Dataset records
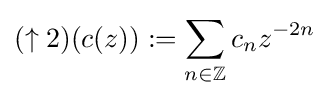
(\uparrow 2)(c(z)):=\sum _{n\in \mathbb {Z} }c_{n}z^{-2n}
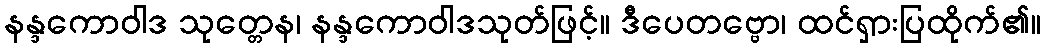
နန္ဒကောဝါဒ သုတ္တေန၊ နန္ဒကောဝါဒသုတ်ဖြင့်။ ဒီပေတဗ္ဗော၊ ထင်ရှားပြထိုက်၏။
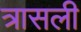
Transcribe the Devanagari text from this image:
त्रासली
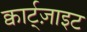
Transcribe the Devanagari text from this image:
क्वार्ट्‌ज़ाइट
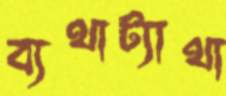
ব্যথাট্যাথা
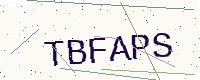
Text: TBFAPS
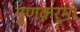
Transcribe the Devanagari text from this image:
गुणकर्म।
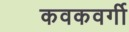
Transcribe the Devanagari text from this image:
कवकवर्गी
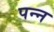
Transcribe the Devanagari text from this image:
पन्न
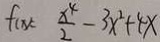
f ( x ) = \frac { x ^ { 4 } } { 2 } - 3 x ^ { 2 } + 4 x
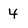
Character: 4
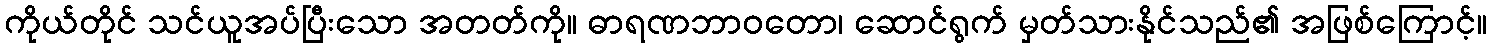
ကိုယ်တိုင် သင်ယူအပ်ပြီးသော အတတ်ကို။ ဓာရဏဘာဝတော၊ ဆောင်ရွက် မှတ်သားနိုင်သည်၏ အဖြစ်ကြောင့်။
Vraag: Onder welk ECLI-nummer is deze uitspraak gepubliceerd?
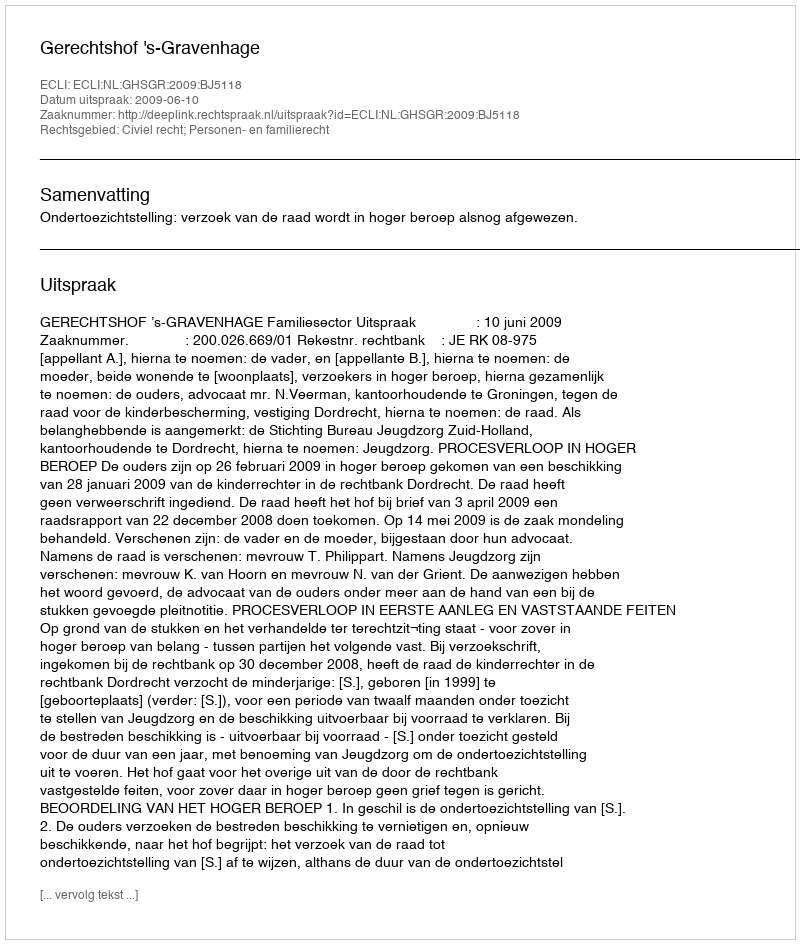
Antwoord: ECLI:NL:GHSGR:2009:BJ5118

Your assignment
Above are the records. Copy every line in them holding "ECLI".

Expected answer
Vraag: Onder welk ECLI-nummer is deze uitspraak gepubliceerd?
Antwoord: ECLI:NL:GHSGR:2009:BJ5118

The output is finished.